Google has devoted their homepage to honor Myrtle Gonzalez, a Mexican American actress who starred in dozens of pictures in the silent film era.

On September 28, 1891, Myrtle Gonzalez was born in Los Angeles, California, to parents of Mexican and Irish descent. Her talent was recognized at an early age, often singing soprano in church choirs and concerts, before trying her hand at stage acting.

Myrtle Gonzalez got her real break when the film industry moved from New York to California, making her one of the first Latina actresses in Hollywood. In 1913, she made her film debut in The Yellow Streak and continued to work with the studio, Vitagraph Company of America, for a few years.

Next, Myrtle Gonzalez moved to Universal Studios, which afforded her the opportunity to play more leading roles. Over the course of five years — between 1913 and 1917, across the two studios — she starred in 80 silent films, including shorts and feature length films. Unfortunately, many of these films have been lost to time, though the Library of Congress has preserved some of her works.

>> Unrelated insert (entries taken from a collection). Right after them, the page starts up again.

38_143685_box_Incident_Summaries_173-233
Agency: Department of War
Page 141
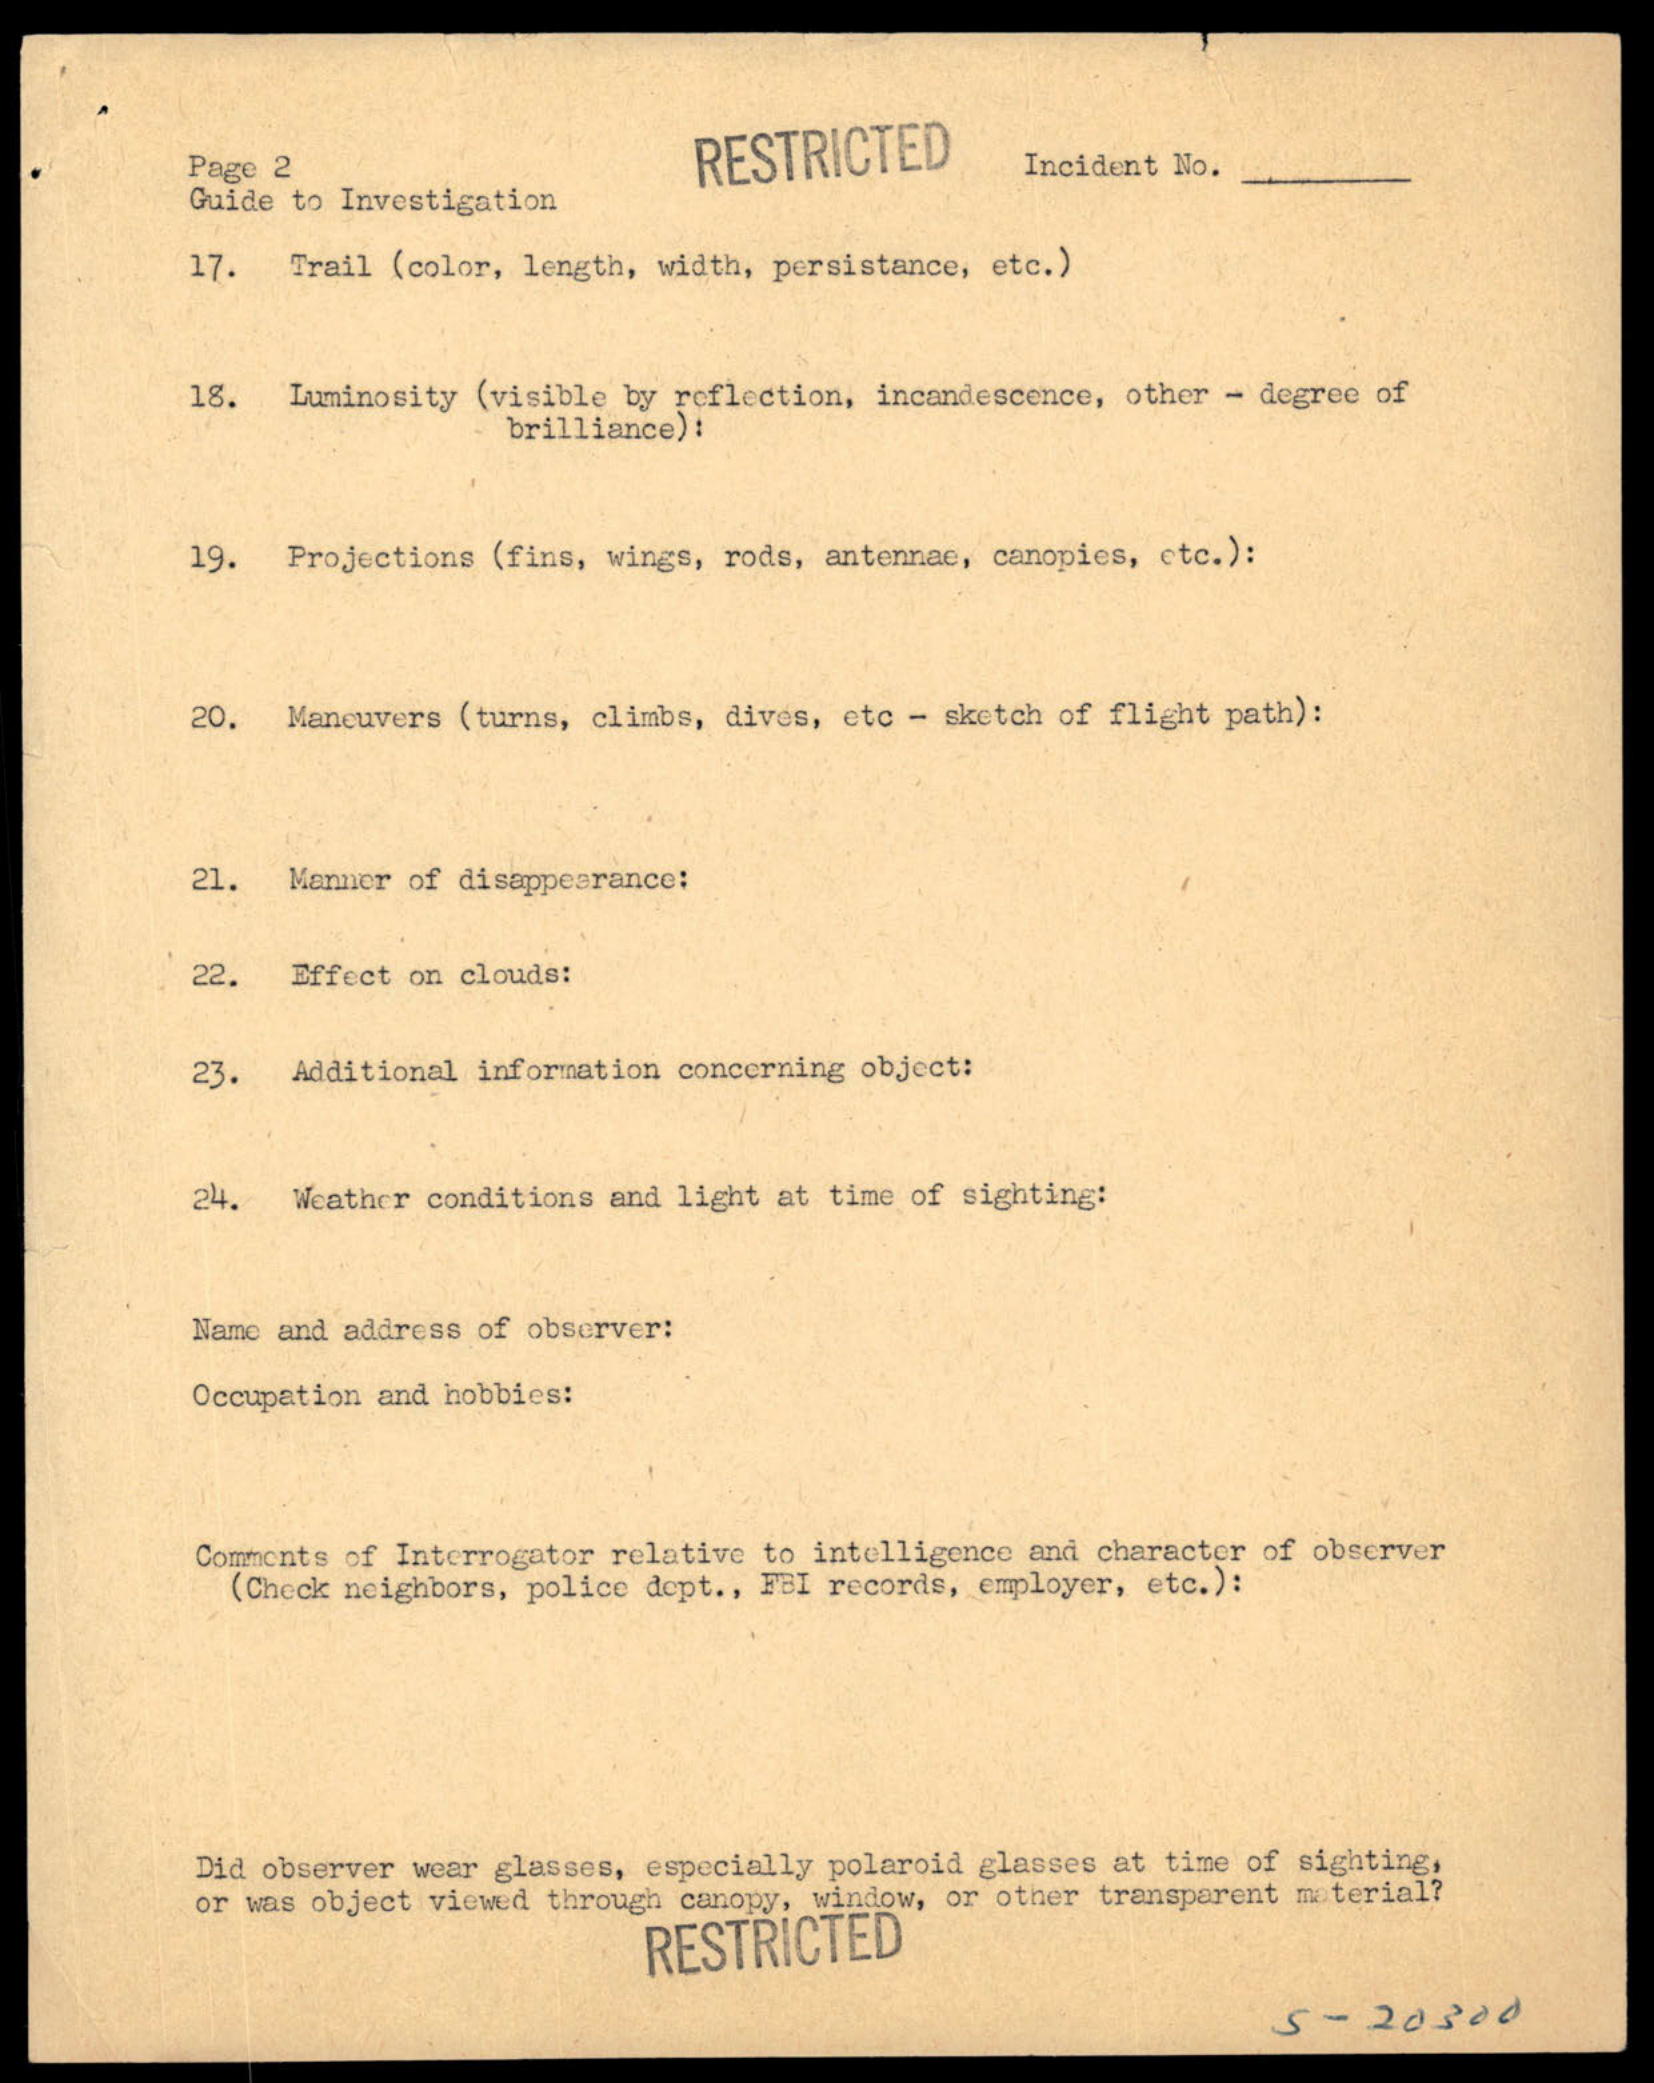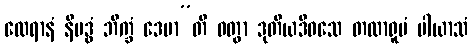
ထေရာနံ နိဗဒ္ဓံ ဘိက္ခံ ဒေမာ”တိ ဝတွာ ဒုတိယဒိဝသေ တထာရူပံ ပါယာသံ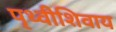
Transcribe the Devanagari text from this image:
पृथ्वीशिवाय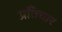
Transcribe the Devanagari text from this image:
प्रतिचार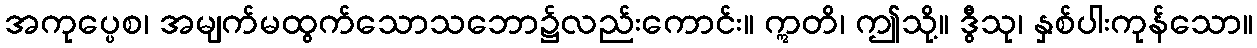
အကုပ္ပေစ၊ အမျက်မထွက်သောသဘော၌လည်းကောင်း။ ဣတိ၊ ဤသို့။ ဒွီသု၊ နှစ်ပါးကုန်သော။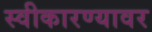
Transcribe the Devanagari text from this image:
स्वीकारण्यावर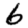
Digit: 6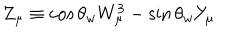
Z _ { \mu } \equiv \cos \theta _ { w } W _ { \mu } ^ { 3 } - \sin \theta _ { w } Y _ { \mu }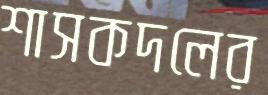
শাসকদলের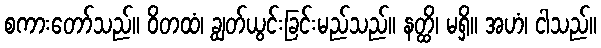
စကားတော်သည်။ ဝိတထံ၊ ချွတ်ယွင်းခြင်းမည်သည်။ နတ္ထိ၊ မရှိ။ အဟံ၊ ငါသည်။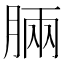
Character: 脼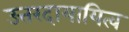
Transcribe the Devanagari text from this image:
उत्तरदायायित्व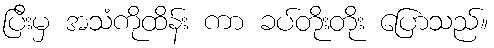
ပြီးမှ အသံကိုထိန်း ကာ ခပ်တိုးတိုး ပြောသည်။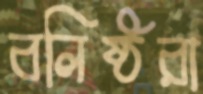
বলিষ্ঠরা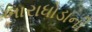
ખારાધોડાની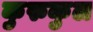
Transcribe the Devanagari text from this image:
कुरुकुल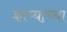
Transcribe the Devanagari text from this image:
काप्याच्या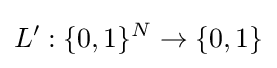
L':\{0,1\}^{N}\rightarrow \{0,1\}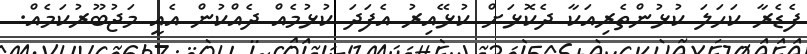
ފެޑެރާ ކަހަލަ ކުޅުންތެރިއަކާ ދެކޮޅަށް ކުޅޭއިރު އެފަދަ ކުޅުމެއް ދެއްކުން އެއީ މަޖުބޫރުކަމެއް.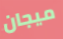
ميجان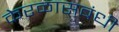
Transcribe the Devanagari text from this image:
केरळासबंधी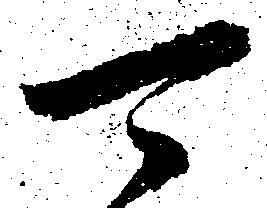
可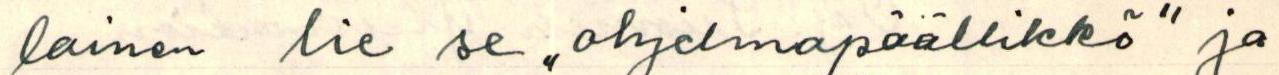
lainen lie se ,,ohjelmapäällikkö" ja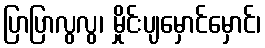
ပြာပြာလွလွ၊ မှိုင်းပျမှောင်မှောင်၊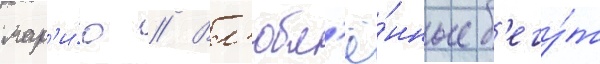
мар'и́ю // Вл'юбл'ё́нные б'егу́т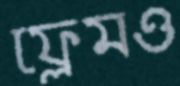
ফ্রেমও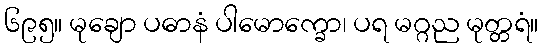
၆၉၅။ မုချော ပဓာနံ ပါမောက္ခော၊ ပရ မဂ္ဂည မုတ္တရံ။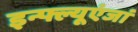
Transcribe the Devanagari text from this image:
इन्फ्ल्यूएंजां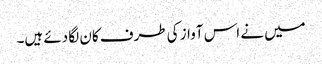
میں نے اس آواز کی طرف کان لگا دئے ہیں۔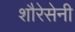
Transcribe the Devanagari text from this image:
शौरेसेनी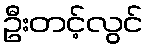
ဦးတင့်လွင်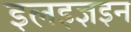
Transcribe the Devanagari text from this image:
इलइज्ञइन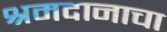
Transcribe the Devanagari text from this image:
श्रमदानाचा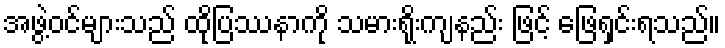
အဖွဲ့ဝင်များသည် ထိုပြဿနာကို သမားရိုးကျနည်း ဖြင့် ဖြေရှင်းရသည်။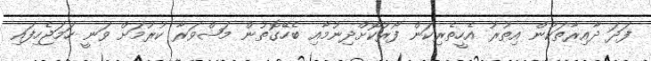
ފަދަ ދާއިރާތަކުން އިތުރު އެހީތެރިކަން ފޯރުކޮށްދިނުމާއި ބެހޭގޮތުން މަޝްވަރާ ކުރުމަށް ވަނީ ހަމަޖެހިފައި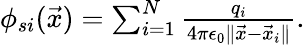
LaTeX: \begin{array}{r}{\phi_{si}(\vec{x})=\sum_{i=1}^{N}\frac{q_{i}}{4\pi\epsilon_{0}\| \vec{x}-\vec{x}_{i}\| }.}\end{array}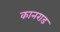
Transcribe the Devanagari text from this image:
कानराड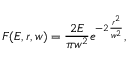
F ( E , r , w ) = \frac { 2 E } { \pi w ^ { 2 } } e ^ { { - 2 } { \frac { r ^ { 2 } } { w ^ { 2 } } } } ,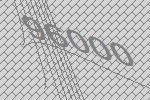
96000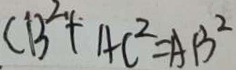
C B ^ { 2 } + A C ^ { 2 } = A B ^ { 2 }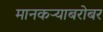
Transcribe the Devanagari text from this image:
मानकऱ्याबरोबर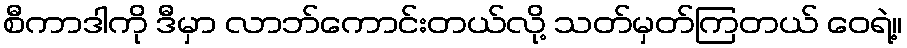
စီကာဒါကို ဒီမှာ လာဘ်ကောင်းတယ်လို့ သတ်မှတ်ကြတယ် ဝေရဲ့။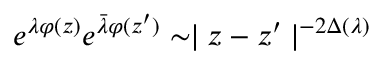
e ^ { \lambda \varphi ( z ) } e ^ { \bar { \lambda } \varphi ( z ^ { \prime } ) } \sim \mid z - z ^ { \prime } \mid ^ { - 2 \Delta ( \lambda ) }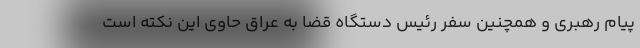
پیام رهبری و همچنین سفر رئیس دستگاه قضا به عراق حاوی این نکته است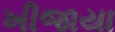
ખીજાયા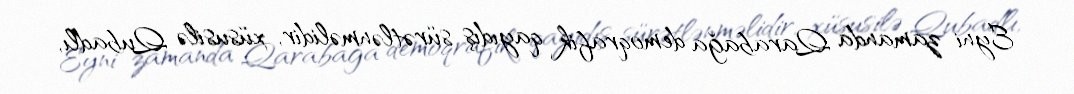
Eyni zamanda Qarabağa demoqrafik qayıdış sürətlənməlidir, xüsusilə Qubadlı,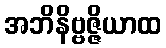
အဘိနိဗ္ဗဇ္ဇိယာထ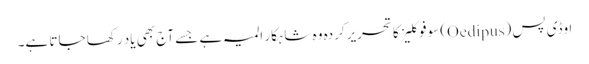
اوڈی پس (Oedipus) سوفوکلیز کا تحریرکردہ وہ شاہکار المیہ ہے جسے آج بھی یاد رکھا جاتا ہے۔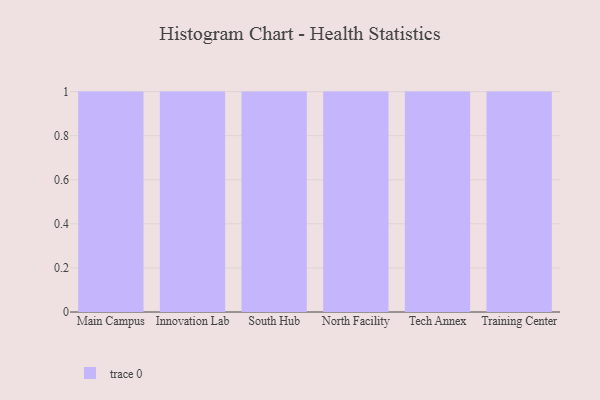
{"axis": {"x": "Campus", "y": "Waste Production (Tons)"}, "legend": [""], "data": [{"x": "Main Campus", "y": 96, "type": ""}, {"x": "Innovation Lab", "y": 41, "type": ""}, {"x": "South Hub", "y": 4, "type": ""}, {"x": "North Facility", "y": 95, "type": ""}, {"x": "Tech Annex", "y": 44, "type": ""}, {"x": "Training Center", "y": 14, "type": ""}]}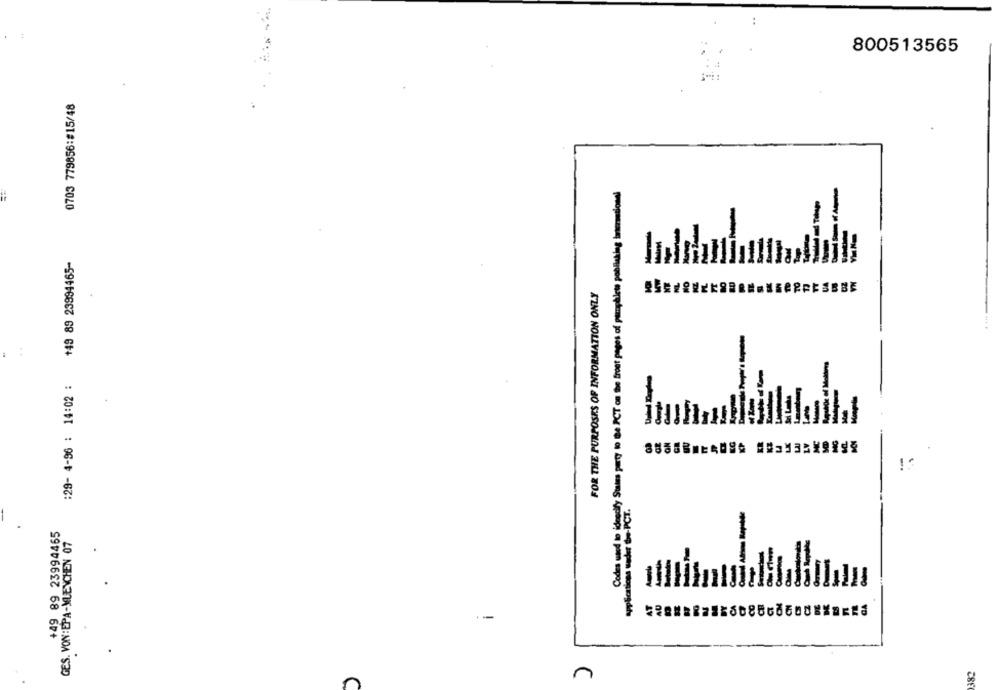
800513565
0703 779856:#15/48
Codes used in ideadly Sins party to Be PCT on the front pages of pamphlet poblicking international
+49 89 23994465-
FOR THE PURPOSES OF INFORMATION ONLY
:29- 4-96 : 14:02 :
+49 89 23994465
GES. VON: EPA-MUENCHEN 07
382
n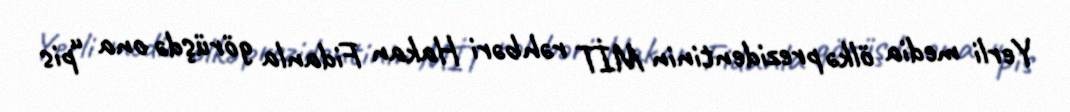
Yerli media ölkə prezidentinin MİT rəhbəri Hakan Fidanla görüşdə ona “pis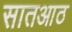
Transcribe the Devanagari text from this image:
सातआठ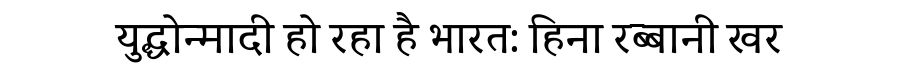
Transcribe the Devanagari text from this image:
युद्धोन्मादी हो रहा है भारत: हिना रब्बानी खर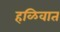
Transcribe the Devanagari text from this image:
हळिवात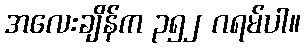
အလေးချိန်က ၃၅၂ ဂရမ်ပါ။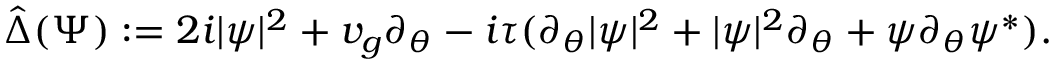
\hat { \Delta } ( \Psi ) : = 2 i | \psi | ^ { 2 } + v _ { g } \partial _ { \theta } - i \tau ( \partial _ { \theta } | { \psi } | ^ { 2 } + | \psi | ^ { 2 } \partial _ { \theta } + \psi \partial _ { \theta } \psi ^ { * } ) .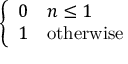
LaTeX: \left\{ { \begin{array} { l l } { 0 } & { n \leq 1 } \\ { 1 } & { { \mathrm { o t h e r w i s e } } } \end{array} } \right.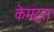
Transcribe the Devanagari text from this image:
केमटुरा
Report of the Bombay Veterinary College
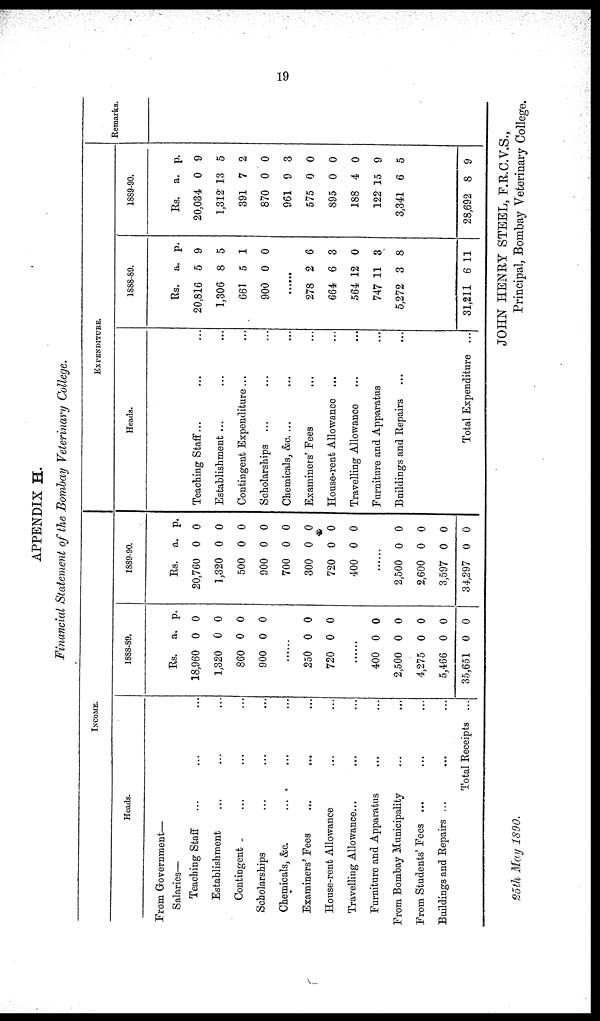
19
APPENDIX H.
Financial Statement of the Bombay Veterinary College.
INCOME.
Heads.
From Government—
Salaries—
Teaching Staff ... ...
Establishment... ...
Contingent... ...
Scholarships... ...
Chemicals, &c. ... ...
Examiners' Fees... ...
House-rent Allowance ...
Travelling Allowance...
Furniture and Apparatus
From Bombay Municipality
From Students' Fees ...
Buildings and Repairs ...
Total Receipts
1888-89.
Rs.
18,960
1,320
860
900
... ...
250
720
... ...
400
2,500
4,275
5,466
35,651
a.
0
0
0
0
0
0
0
0
0
0
0
p.
0
0
0
0
0
0
0
0
0
0
0
1889-90.
Rs.
20,760
1,320
500
900
700
300
720
400
... ...
2,500
2,600
3,597
34,297
a.
0
0
0
0
0
0
0
0
0
0
0
0
p.
0
0
0
0
0
0
0
0
0
0
0
0
EXPENDITURE.
Heads.
Teaching Staff...
Establishment ...
Contingent Expenditure ...
Scholarships ...
Chemicals, &c. ...
Examiners' Fees
...
House-rent Allowance ...
Travelling Allowance
Furniture and Apparatus
Buildings and Repairs
Total Expenditure ...
1888-89.
Rs.
20,816
1,306
661
900
... ...
278
664
564
747
5,272
31,211
a.
5
8
5
0
2
6
12
11
3
6
p.
9
5
1
0
6
3
0
3
8
11
1889-90.
Rs.
20,034
1,312
391
870
961
575
895
188
122
3,341
28,692
a.
0
13
7
0
9
0
0
4
15
6
8
p.
9
5
2
0
3
0
0
0
9
5
9
Remarks.
JOHN HENRY STEEL, F.R.C.V.S.,
25th May 1890.
Principal, Bombay Veterinary College,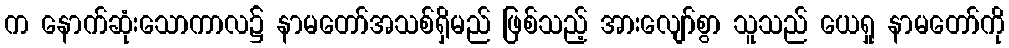
က နောက်ဆုံးသောကာလ၌ နာမတော်အသစ်ရှိမည် ဖြစ်သည့် အားလျော်စွာ သူသည် ယေရှု နာမတော်ကို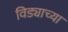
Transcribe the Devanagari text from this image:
विड्याच्‍या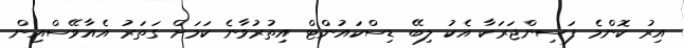
އިރު ކޮންމެ ފަސިންޖަރަކާ އެކު ލިބޭ ޑިސްކައުންޓް އިތުރުވާނެ ކަމަށް ގަތަރު އެއާވޭސްއިން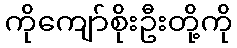
ကိုကျော်စိုးဦးတို့ကို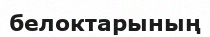
белоктарының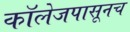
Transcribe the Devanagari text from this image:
कॉलेजपासूनच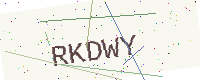
Text: RKDWY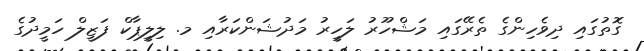
ގޮތުގައި ދިވެހިންގެ ތެރޭގައި މަޝްހޫރު ލަހީރު މަދުޝަންކަރާއި މ. ލިލީޕާކް ފަޒީލް ހަމީދުގެ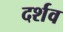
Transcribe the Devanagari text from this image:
दर्शव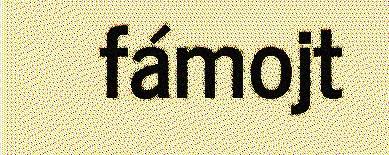
fámojt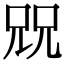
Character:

At the end of 1917, Gonzalez got married to director Allen Watt and decided to retire from acting. The next year, on October 22, 1918, Myrtle Gonzalez died during the height of the Great Influenza.

Today’s Google Doodle in honor of the actress is illustrated by Ana Ramírez González. The incredibly detailed artwork shows Myrtle Gonzalez in the midst of a snow-covered forest, recreating a real moment from her filming career. As for why Google chose today to honor the prolific actress, one of her most famous films, The Level, was released on this day in 1914.